PSERS Chairman Melva Vogler also commented on the Fund’s investment performance and warned of funding challenges ahead. “I am pleased the Fund continues to post positive investment performance and recover from the severe global economic downturn, however, there remain significant funding challenges for PSERS in coming years. School employers and the Commonwealth face significant increases in the employer contribution rate well into the future. While positive investment performance will help reduce the rate projections, the funding challenges will remain. PSERS cannot use its investments to earn its way out of this situation.”
Vogler reaffirmed the Fund’s commitment to resolve the funding issues. “PSERS remains committed to providing all available assistance to the Governor, General Assembly, and School Employers to solve the rate spike and future funding issues as soon as possible.”
More information about the funding challenges facing PSERS is available on PSERS’ Pension Funding Resources webpage at: http://www.psers.state.pa.us/press/pension_funding_issues/index.html.
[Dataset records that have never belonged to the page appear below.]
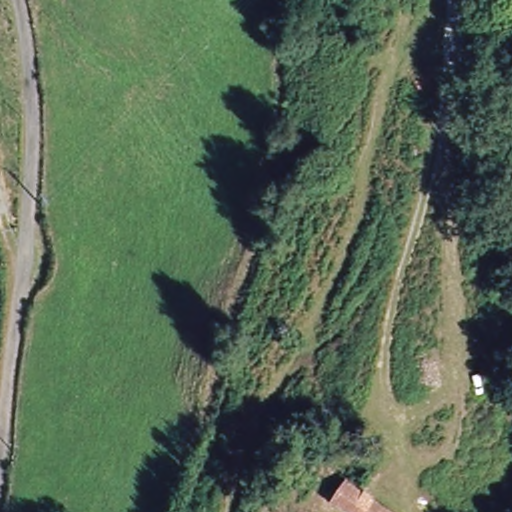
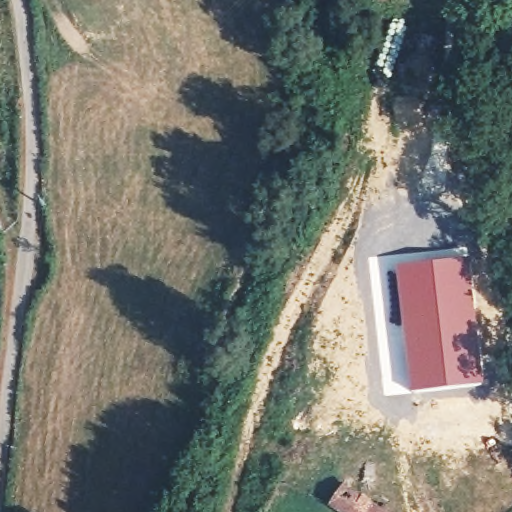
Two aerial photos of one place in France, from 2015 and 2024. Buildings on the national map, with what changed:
new [(397,268),(470,258),(484,384),(411,392),(397,268)]
unchanged [(344,487),(386,512),(330,512),(344,487)]

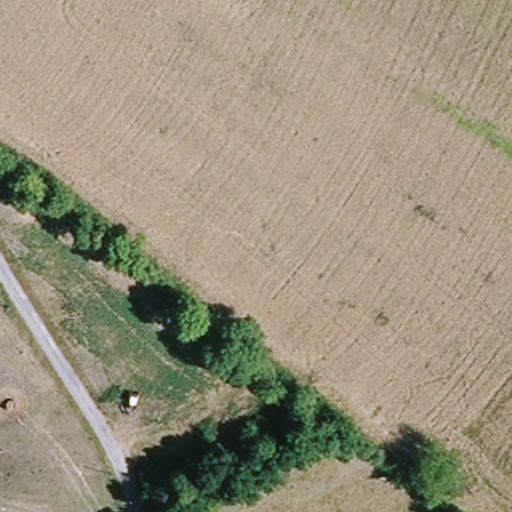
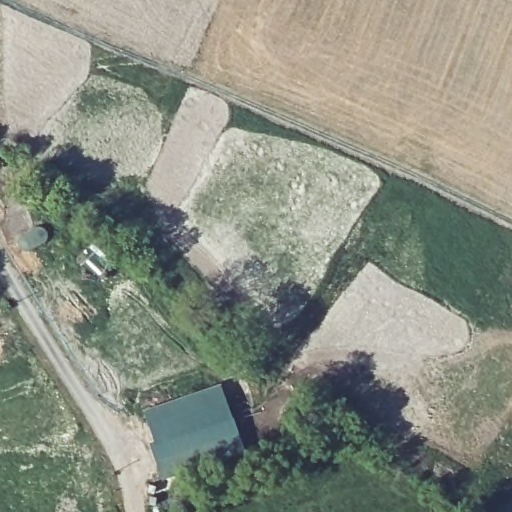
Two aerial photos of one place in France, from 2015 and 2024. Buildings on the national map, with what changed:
new [(242,451),(179,473),(166,441),(151,446),(141,413),(219,385),(231,419),(242,451)]

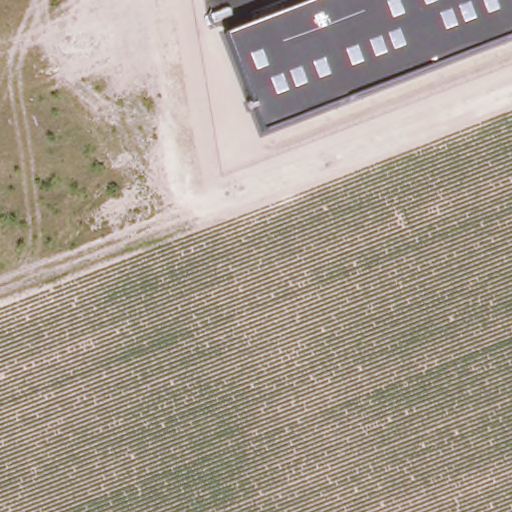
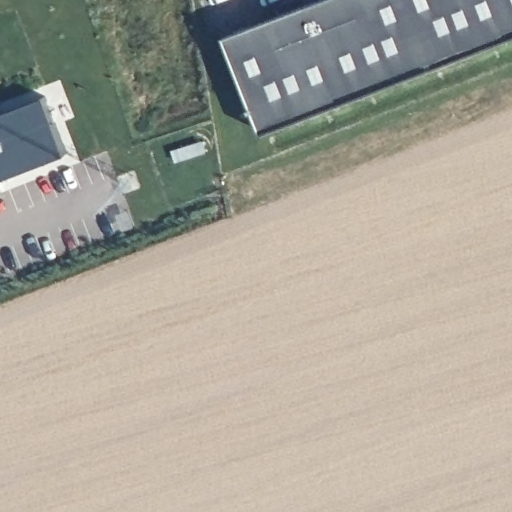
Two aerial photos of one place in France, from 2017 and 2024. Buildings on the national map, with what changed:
unchanged [(314,0),(512,0),(512,35),(263,131),(227,33),(314,0)]
new [(50,98),(76,151),(3,180),(8,191),(0,194),(0,117),(50,98)]

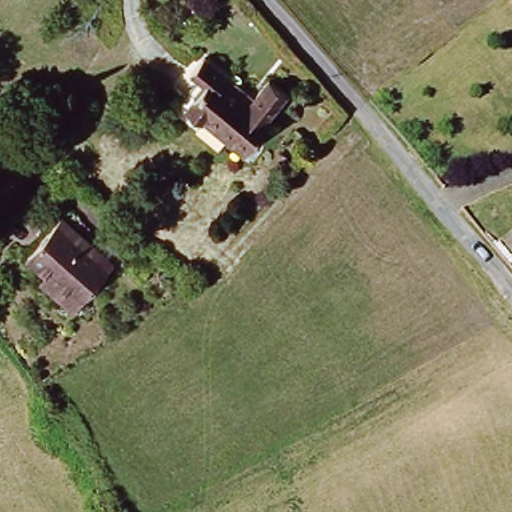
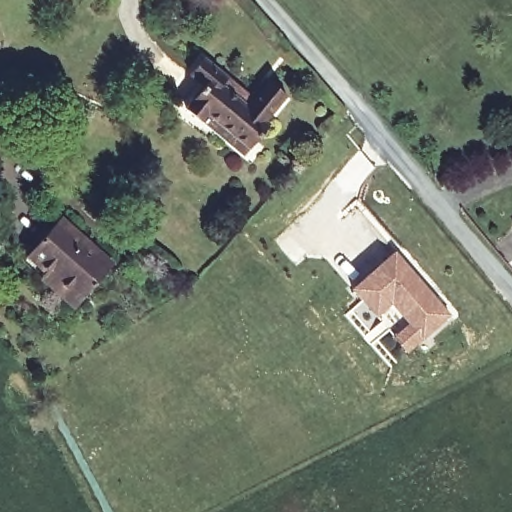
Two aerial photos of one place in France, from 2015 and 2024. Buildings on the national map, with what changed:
unchanged [(273,121),(280,130),(257,157),(219,123),(214,129),(198,114),(214,94),(198,78),(213,62),(231,77),(226,84),(253,102),(273,80),(292,97),(273,121)]
unchanged [(83,305),(31,264),(69,217),(120,258),(83,305)]
new [(395,251),(449,316),(407,352),(393,336),(407,323),(392,304),(376,316),(353,289),(395,251)]

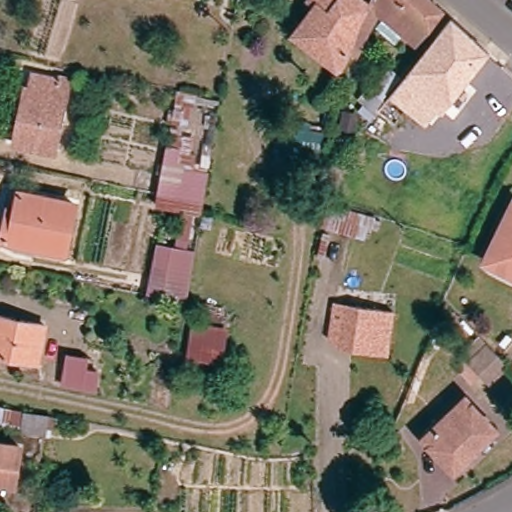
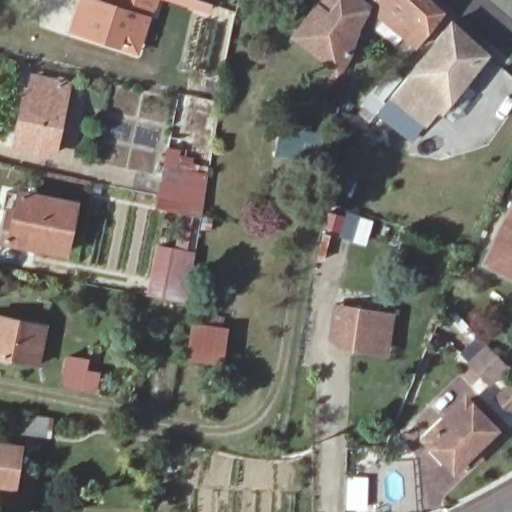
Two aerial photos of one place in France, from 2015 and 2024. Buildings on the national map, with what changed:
new [(100,1),(100,0),(157,0),(138,57),(67,34),(77,0),(98,0),(100,1)]
new [(214,5),(210,15),(162,0),(200,0),(214,5)]
unchanged [(337,7),(358,26),(348,55),(339,67),(295,32),(312,10),(306,4),(308,0),(342,0),(337,7)]
unchanged [(443,16),(442,16),(441,19),(416,47),(377,19),(357,57),(351,54),(364,21),(373,0),(424,0),(443,16)]
unchanged [(380,103),(383,106),(450,27),(487,56),(438,115),(435,111),(425,123),(408,111),(395,127),(377,112),(373,117),(361,106),(388,72),(398,81),(380,103)]
unchanged [(66,85),(50,156),(13,147),(24,93),(28,94),(32,79),(66,85)]
unchanged [(177,94),(223,106),(204,217),(155,209),(177,94)]
unchanged [(338,125),(353,125),(353,135),(338,135),(338,125)]
unchanged [(72,206),(62,256),(0,244),(9,200),(16,202),(18,195),(72,206)]
unchanged [(482,265),(512,203),(512,279),(482,265)]
unchanged [(368,219),(362,242),(320,230),(327,207),(368,219)]
unchanged [(155,242),(196,252),(188,302),(146,297),(155,242)]
unchanged [(390,317),(384,348),(337,340),(343,309),(390,317)]
unchanged [(36,366),(0,359),(0,320),(42,328),(36,366)]
unchanged [(191,322),(229,328),(225,366),(186,360),(191,322)]
unchanged [(507,366),(488,384),(470,365),(487,347),(507,366)]
unchanged [(90,363),(89,375),(96,376),(94,392),(61,387),(66,358),(90,363)]
unchanged [(492,431),(461,462),(455,456),(445,466),(422,442),(464,402),(492,431)]
unchanged [(0,414),(0,407),(2,407),(0,414)]
unchanged [(56,417),(53,432),(30,428),(32,412),(56,417)]
unchanged [(27,487),(0,483),(0,445),(33,451),(27,487)]

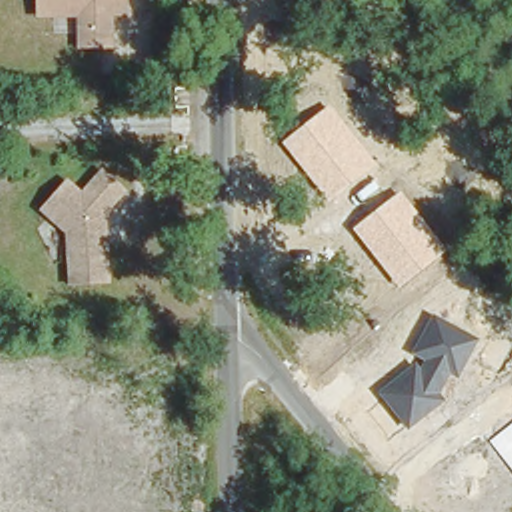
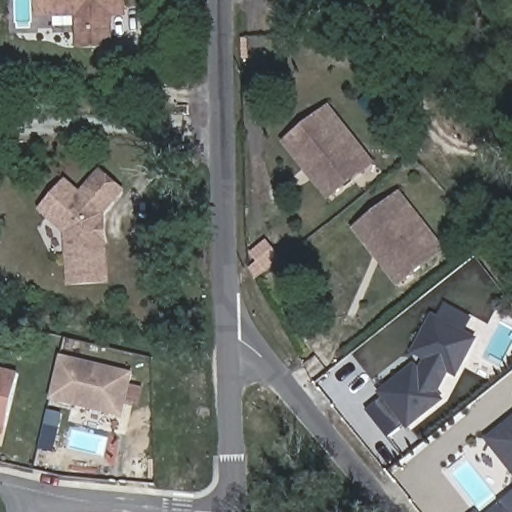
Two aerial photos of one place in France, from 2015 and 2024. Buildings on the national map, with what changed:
unchanged [(115,21),(115,51),(77,53),(77,19),(36,20),(36,0),(127,0),(127,20),(115,21)]
unchanged [(331,202),(282,141),(327,103),(377,163),(331,202)]
unchanged [(107,283),(69,286),(64,235),(37,213),(62,184),(77,196),(97,173),(120,192),(100,215),(107,283)]
unchanged [(400,288),(352,229),(401,192),(446,253),(400,288)]
unchanged [(459,378),(451,374),(439,395),(446,403),(409,428),(381,388),(414,363),(421,366),(425,361),(408,352),(427,311),(480,337),(459,378)]
new [(50,401),(60,356),(133,374),(122,418),(50,401)]
new [(0,428),(0,368),(19,373),(6,430),(0,428)]
unchanged [(512,423),(512,469),(491,441),(512,423)]
new [(501,503),(507,512),(489,512),(501,503)]

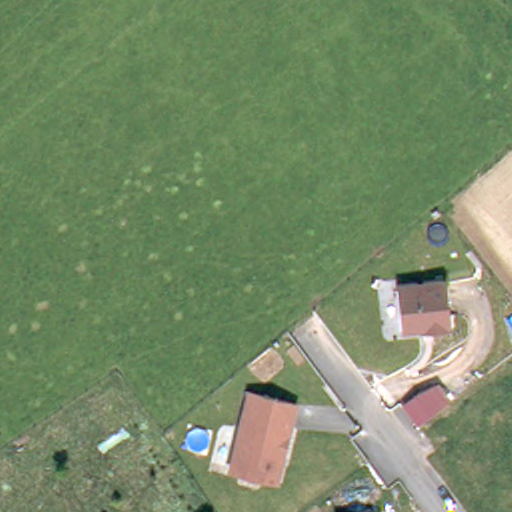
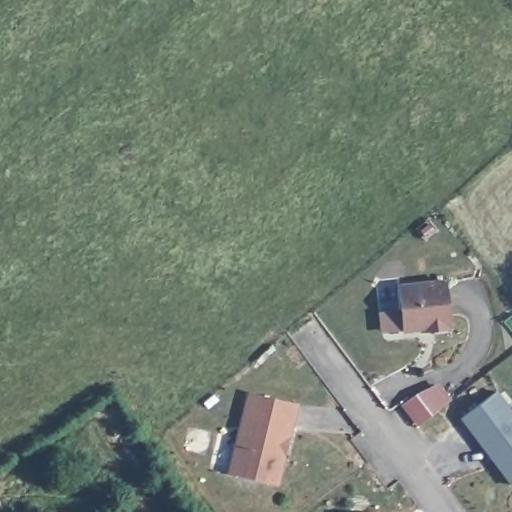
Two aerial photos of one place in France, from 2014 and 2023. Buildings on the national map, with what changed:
unchanged [(419,331),(400,333),(395,288),(443,283),(448,331),(430,333),(419,334),(419,331)]
new [(452,398),(418,423),(402,404),(438,382),(452,398)]
new [(512,406),(512,486),(460,418),(498,388),(512,406)]
unchanged [(293,408),(289,428),(284,427),(282,433),(275,467),(276,467),(278,472),(275,483),(272,486),(228,475),(247,397),(293,408)]

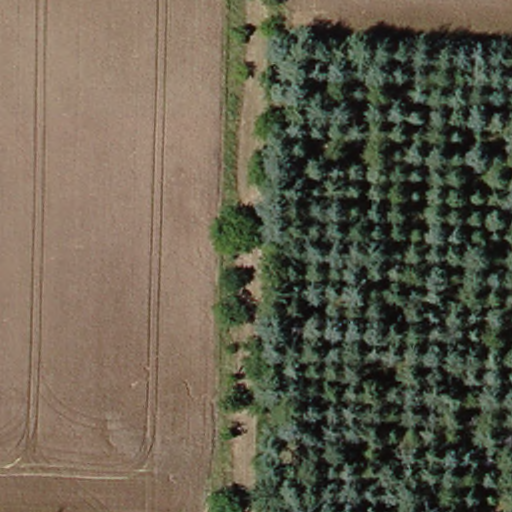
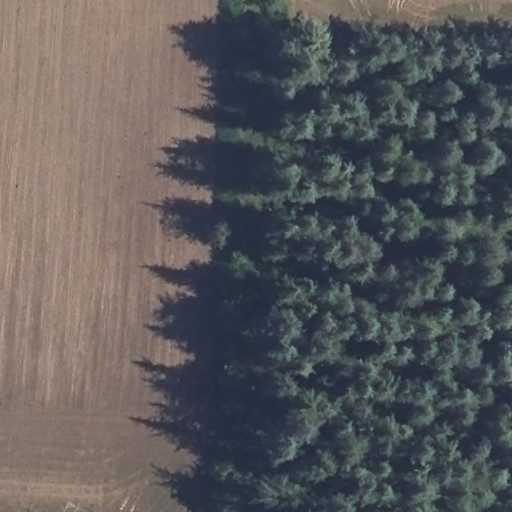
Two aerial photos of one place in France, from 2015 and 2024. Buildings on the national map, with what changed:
[]

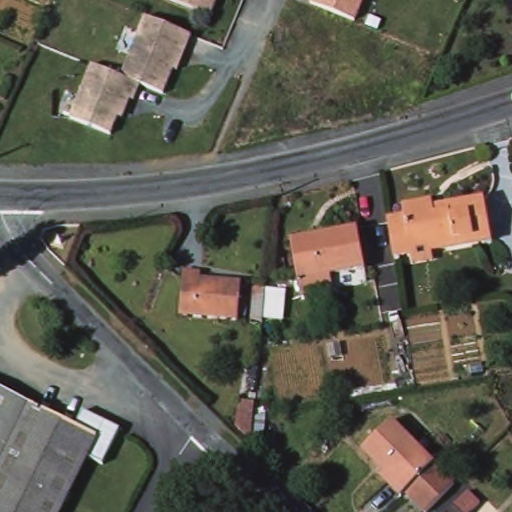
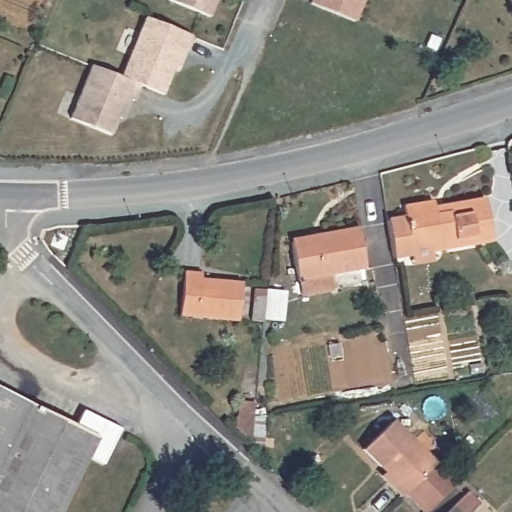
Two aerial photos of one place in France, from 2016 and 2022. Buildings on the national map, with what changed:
unchanged [(210,12),(181,0),(215,0),(210,12)]
unchanged [(356,16),(318,0),(362,0),(356,16)]
unchanged [(150,17),(196,36),(189,52),(186,50),(167,95),(144,86),(126,77),(150,17)]
unchanged [(96,66),(126,77),(144,86),(138,101),(130,97),(115,135),(75,119),(96,66)]
unchanged [(387,221),(405,219),(403,208),(433,202),(435,216),(449,213),(448,206),(485,199),(492,241),(432,251),(434,259),(415,262),(414,256),(394,259),(391,244),(387,221)]
unchanged [(292,243),(321,239),(321,235),(358,229),(365,269),(331,275),(333,290),(300,296),(298,281),(292,243)]
unchanged [(238,322),(178,315),(183,271),(204,273),(203,279),(243,284),(238,322)]
unchanged [(252,289),(264,290),(261,322),(250,320),(252,289)]
unchanged [(76,426),(83,411),(120,430),(102,465),(87,457),(60,512),(0,512),(0,389),(76,426)]
unchanged [(240,401),(254,402),(253,418),(251,432),(235,427),(240,401)]
unchanged [(453,480),(425,509),(361,447),(389,418),(453,480)]
unchanged [(479,503),(471,512),(448,512),(467,492),(479,503)]

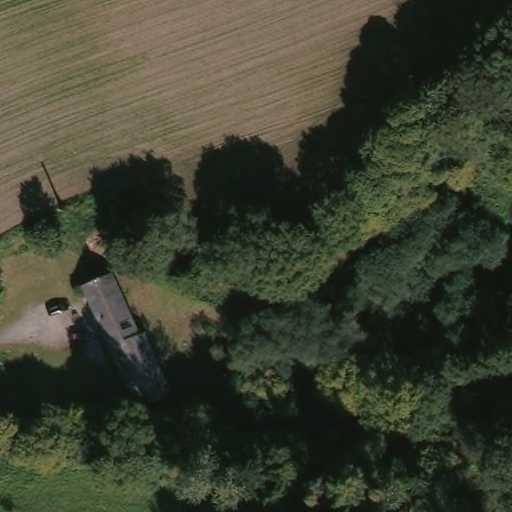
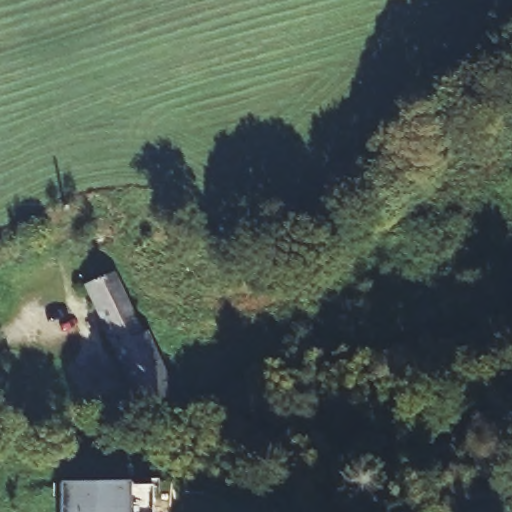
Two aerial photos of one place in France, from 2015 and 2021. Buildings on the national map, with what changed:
unchanged [(84,288),(114,273),(139,333),(147,330),(175,391),(137,408),(86,290),(84,288)]
new [(129,484),(129,512),(61,512),(61,485),(129,484)]

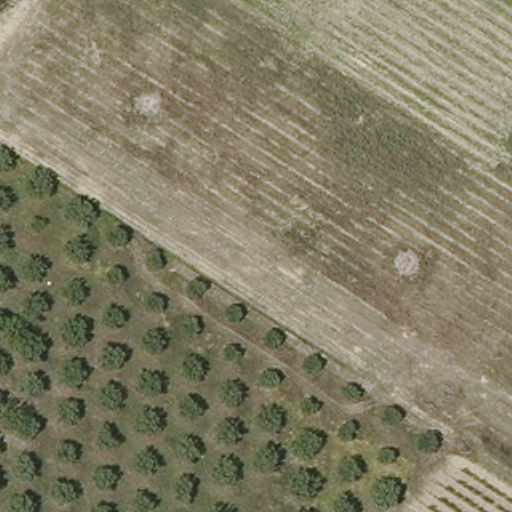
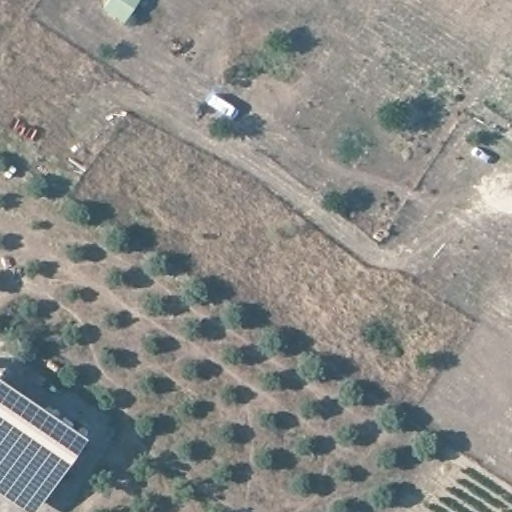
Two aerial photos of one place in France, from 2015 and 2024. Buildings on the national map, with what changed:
new [(138,0),(128,17),(107,5),(109,0),(138,0)]
new [(33,512),(27,512),(0,495),(0,374),(87,432),(33,512)]

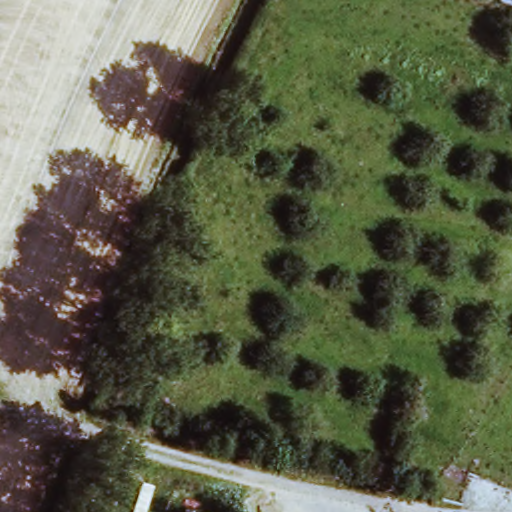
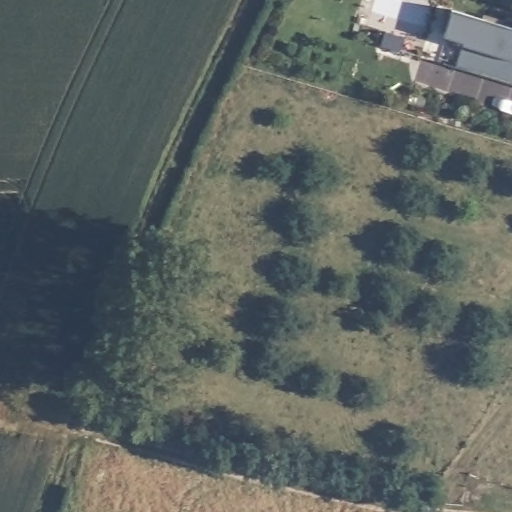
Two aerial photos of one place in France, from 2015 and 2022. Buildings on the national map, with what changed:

About the Pennsylvania Public School Employees’ Retirement System
PSERS is the 17th largest state-sponsored defined benefit public pension fund in the nation. As of December 31, 2009, PSERS had an investment portfolio of approximately $46.7 billion and a membership of nearly 280,000 active school employees and 179,000 retirees. More detailed investment performance data as of December 31, 2009 is available on PSERS’ website at: http://www.psers.state.pa.us/invest/invest.htm.
As of December 31, 2009 PSERS had 18.8 percent of its assets in non-U.S. equities; 12.7 percent in U.S. equities; 22.8 percent in U.S. and global fixed income investments; 18.3 percent in private markets; 9.6 percent in real estate, 4.2 percent in commodities, 7.7 percent in absolute return strategies, and 5.9 percent in cash and cash equivalents.